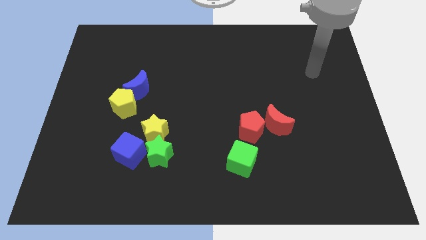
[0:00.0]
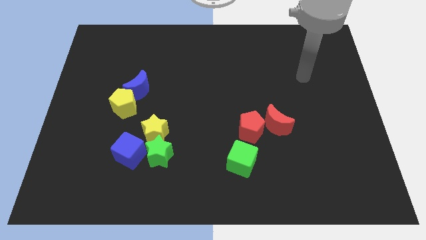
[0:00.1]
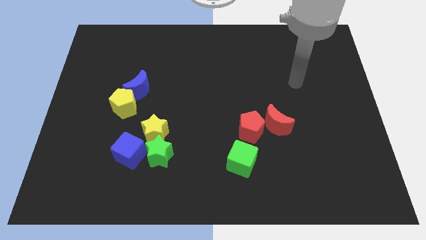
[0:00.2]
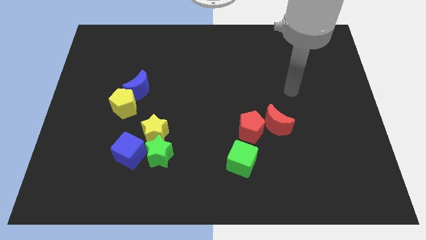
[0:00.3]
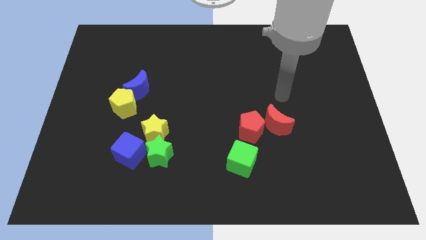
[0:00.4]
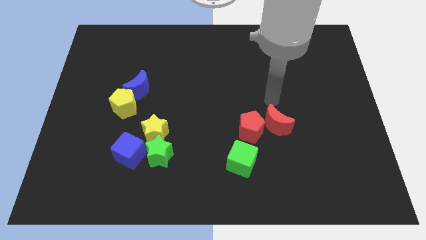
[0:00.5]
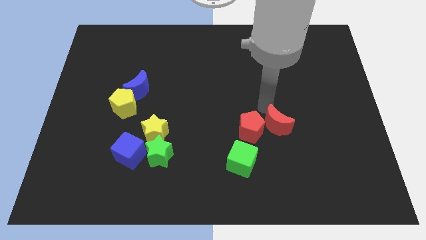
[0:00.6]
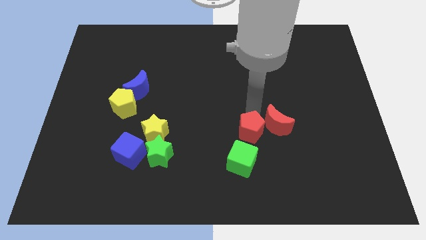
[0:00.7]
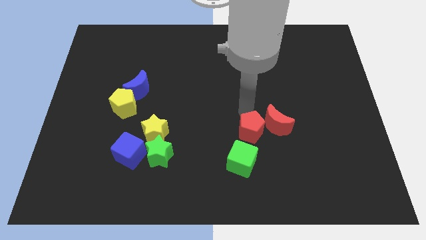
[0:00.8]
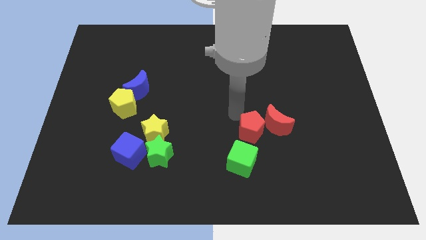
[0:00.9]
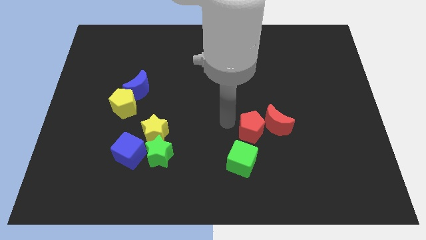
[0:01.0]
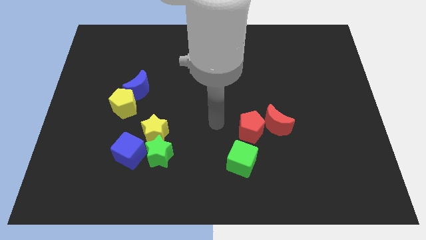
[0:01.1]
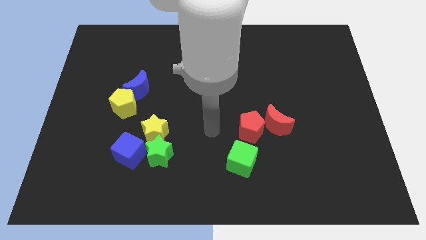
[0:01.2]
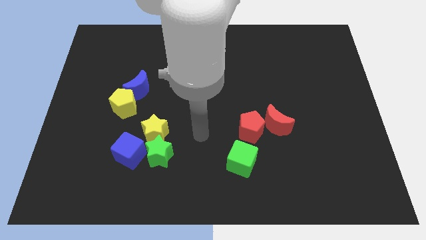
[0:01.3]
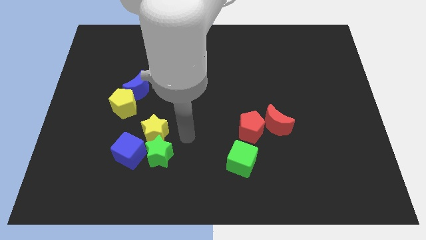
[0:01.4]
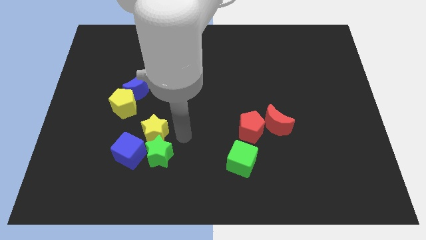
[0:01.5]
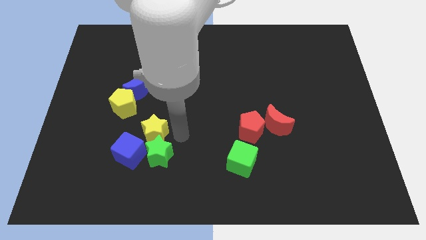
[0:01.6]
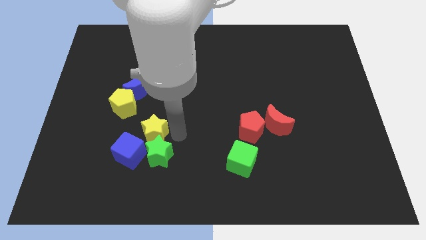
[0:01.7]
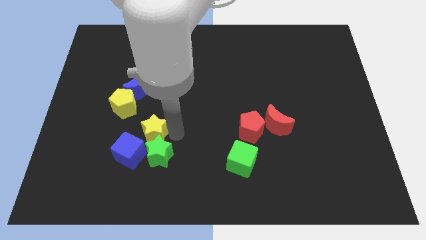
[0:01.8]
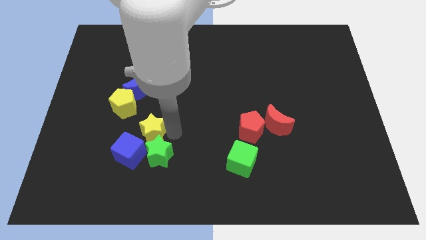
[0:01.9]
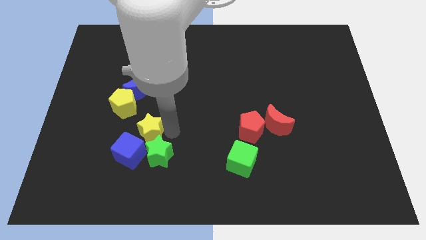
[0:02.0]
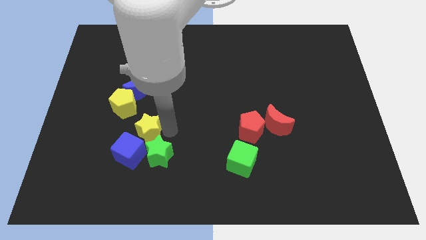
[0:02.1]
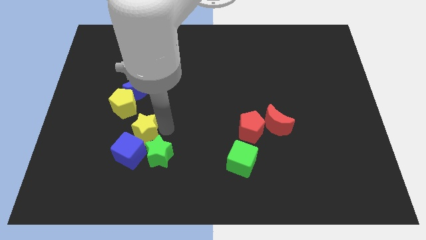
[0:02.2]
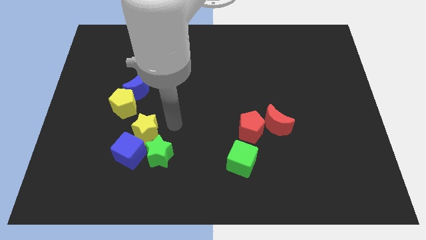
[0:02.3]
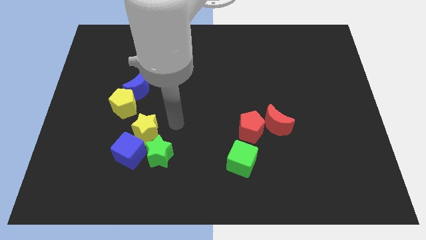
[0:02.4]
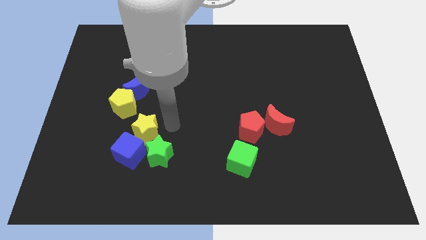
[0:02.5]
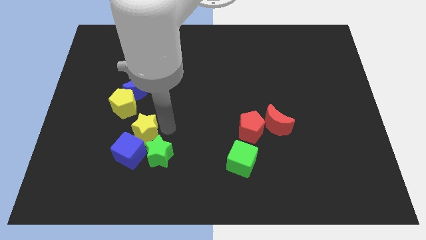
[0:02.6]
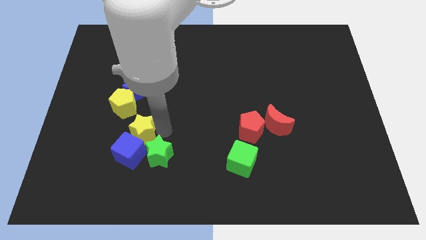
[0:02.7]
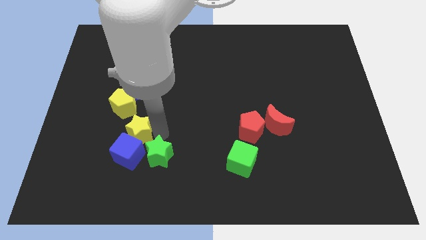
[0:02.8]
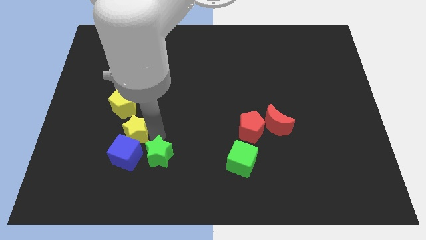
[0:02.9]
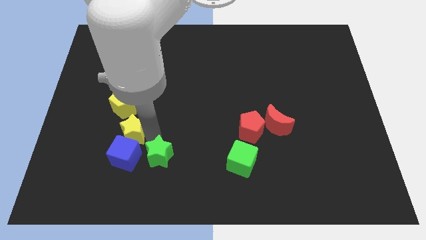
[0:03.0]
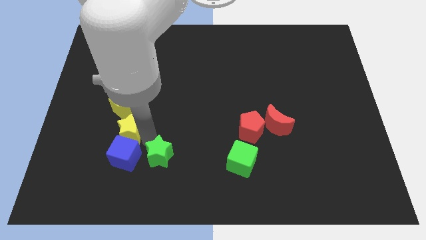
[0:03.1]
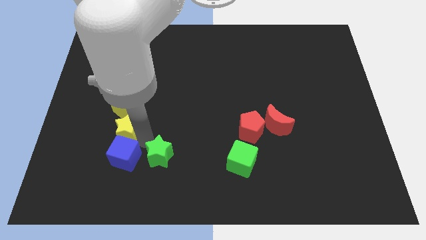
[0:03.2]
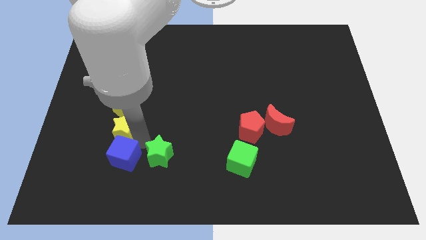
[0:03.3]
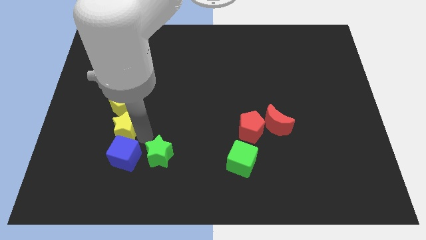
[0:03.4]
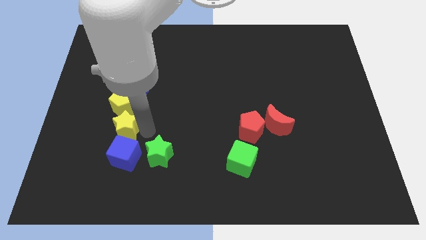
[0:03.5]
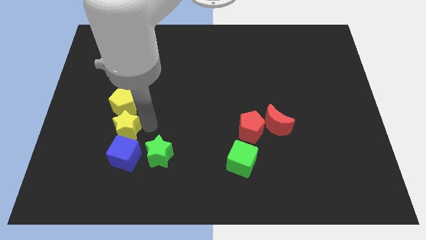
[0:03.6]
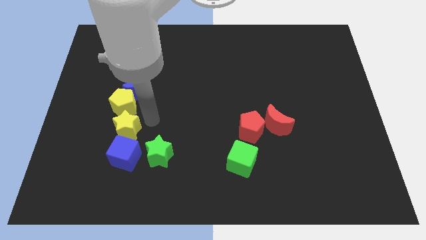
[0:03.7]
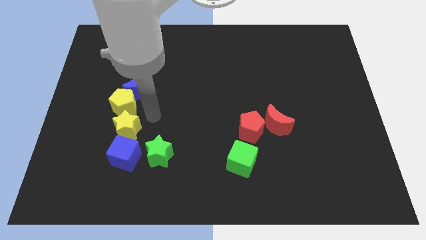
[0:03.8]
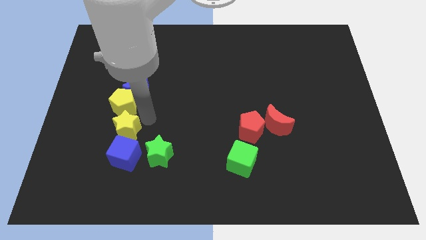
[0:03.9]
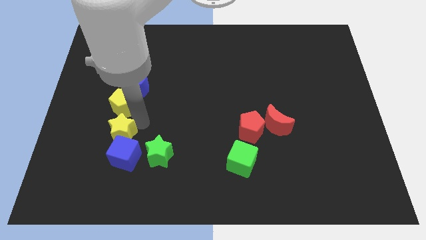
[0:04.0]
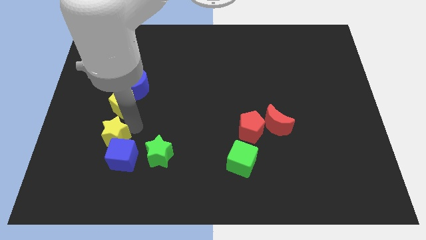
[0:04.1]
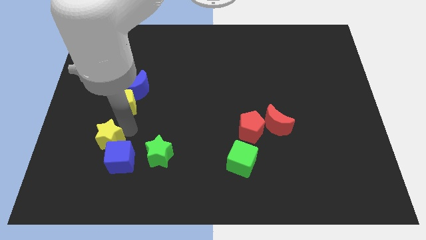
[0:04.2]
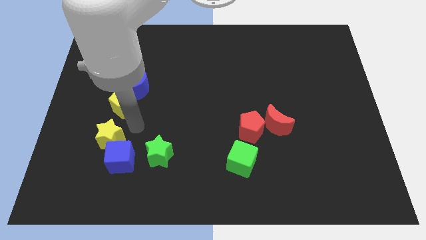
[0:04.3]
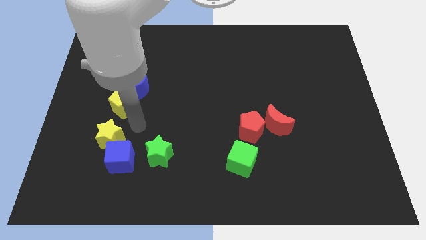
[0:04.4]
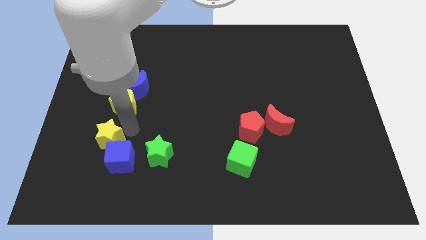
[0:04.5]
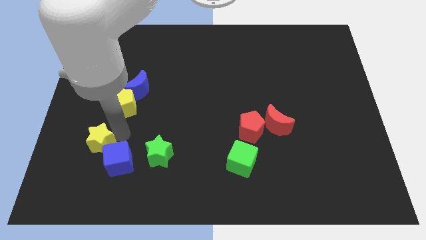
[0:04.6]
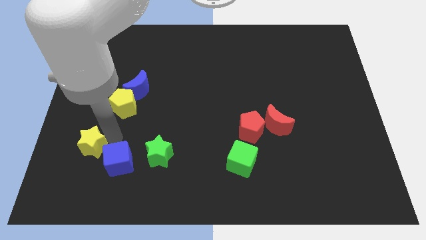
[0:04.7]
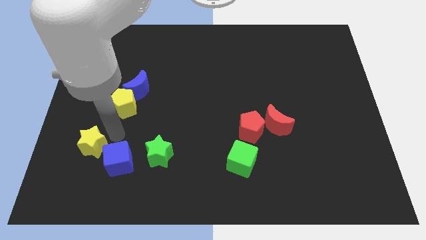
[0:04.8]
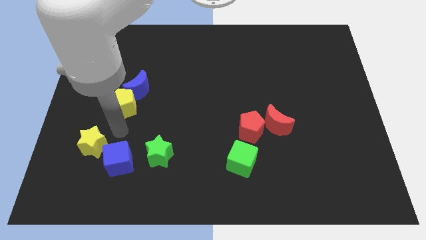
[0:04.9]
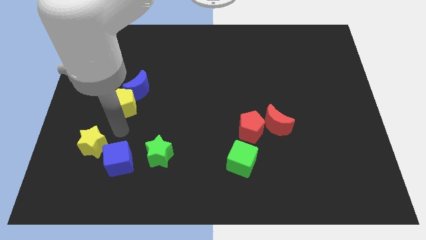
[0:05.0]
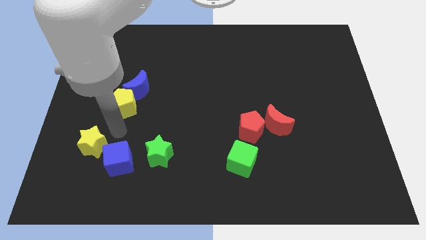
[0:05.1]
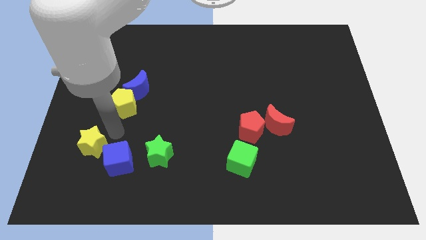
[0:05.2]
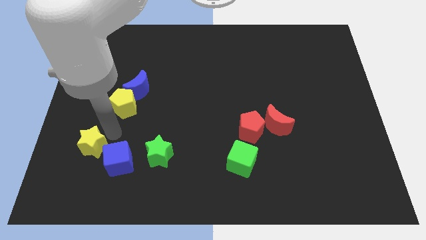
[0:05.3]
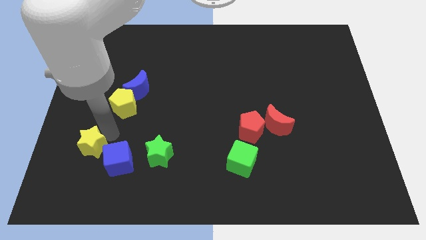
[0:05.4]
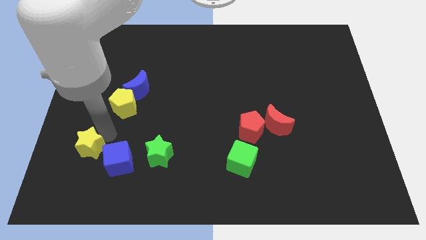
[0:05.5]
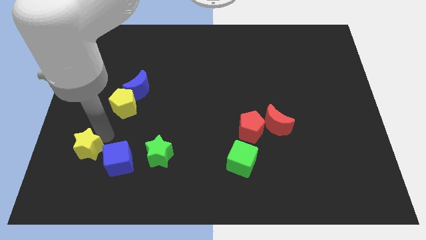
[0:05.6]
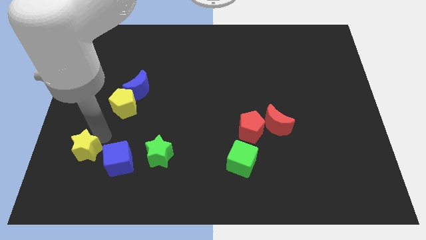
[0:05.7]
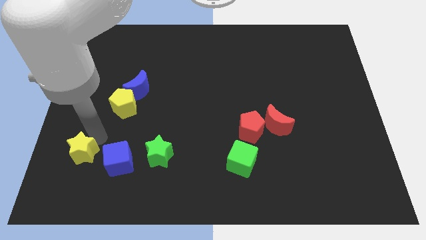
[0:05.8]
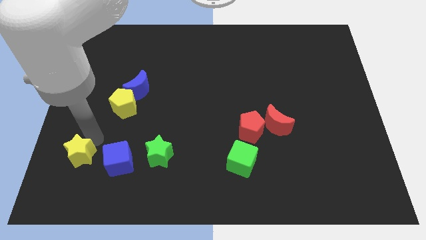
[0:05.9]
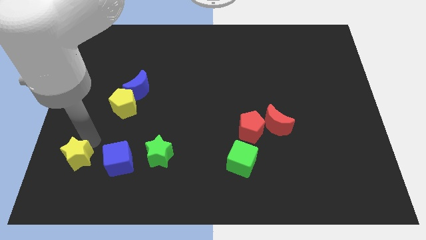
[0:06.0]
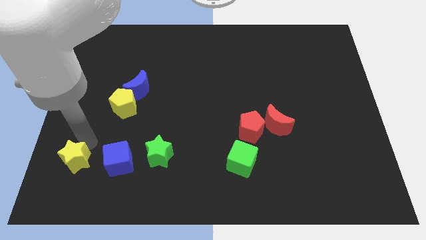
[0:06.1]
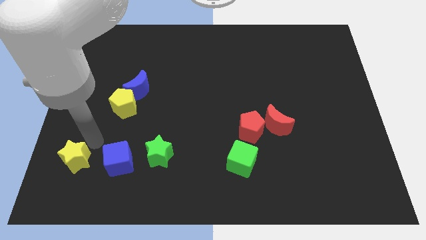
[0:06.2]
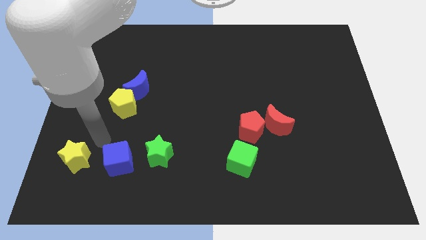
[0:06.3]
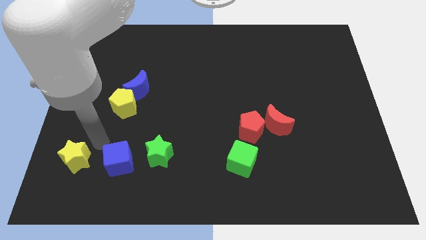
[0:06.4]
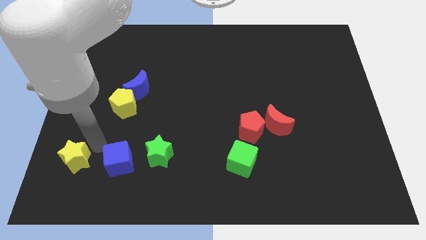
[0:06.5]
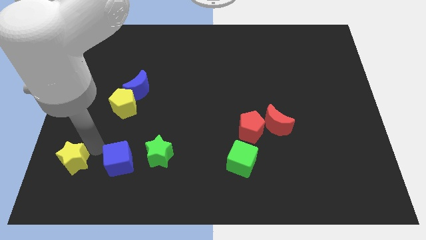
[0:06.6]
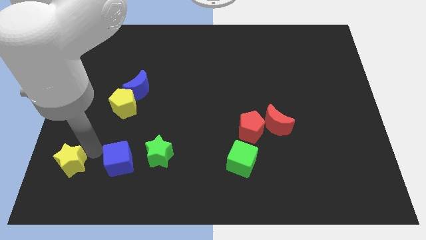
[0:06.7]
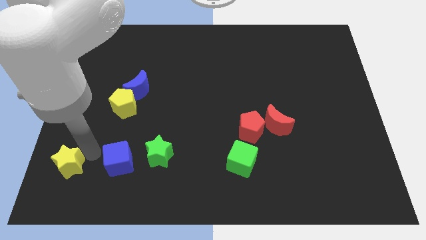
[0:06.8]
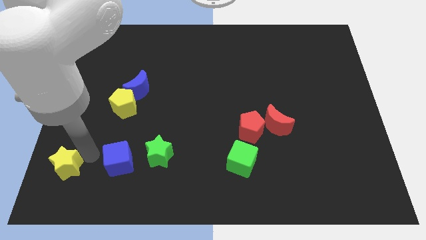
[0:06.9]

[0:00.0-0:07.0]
push the yellow star to the bottom left

+ + + + + + +

From the first line to the last, write out the data exactly, omitting any pictures.

Answer section -
[0:00.0]
[0:00.1]
[0:00.2]
[0:00.3]
[0:00.4]
[0:00.5]
[0:00.6]
[0:00.7]
[0:00.8]
[0:00.9]
[0:01.0]
[0:01.1]
[0:01.2]
[0:01.3]
[0:01.4]
[0:01.5]
[0:01.6]
[0:01.7]
[0:01.8]
[0:01.9]
[0:02.0]
[0:02.1]
[0:02.2]
[0:02.3]
[0:02.4]
[0:02.5]
[0:02.6]
[0:02.7]
[0:02.8]
[0:02.9]
[0:03.0]
[0:03.1]
[0:03.2]
[0:03.3]
[0:03.4]
[0:03.5]
[0:03.6]
[0:03.7]
[0:03.8]
[0:03.9]
[0:04.0]
[0:04.1]
[0:04.2]
[0:04.3]
[0:04.4]
[0:04.5]
[0:04.6]
[0:04.7]
[0:04.8]
[0:04.9]
[0:05.0]
[0:05.1]
[0:05.2]
[0:05.3]
[0:05.4]
[0:05.5]
[0:05.6]
[0:05.7]
[0:05.8]
[0:05.9]
[0:06.0]
[0:06.1]
[0:06.2]
[0:06.3]
[0:06.4]
[0:06.5]
[0:06.6]
[0:06.7]
[0:06.8]
[0:06.9]

[0:00.0-0:07.0]
push the yellow star to the bottom left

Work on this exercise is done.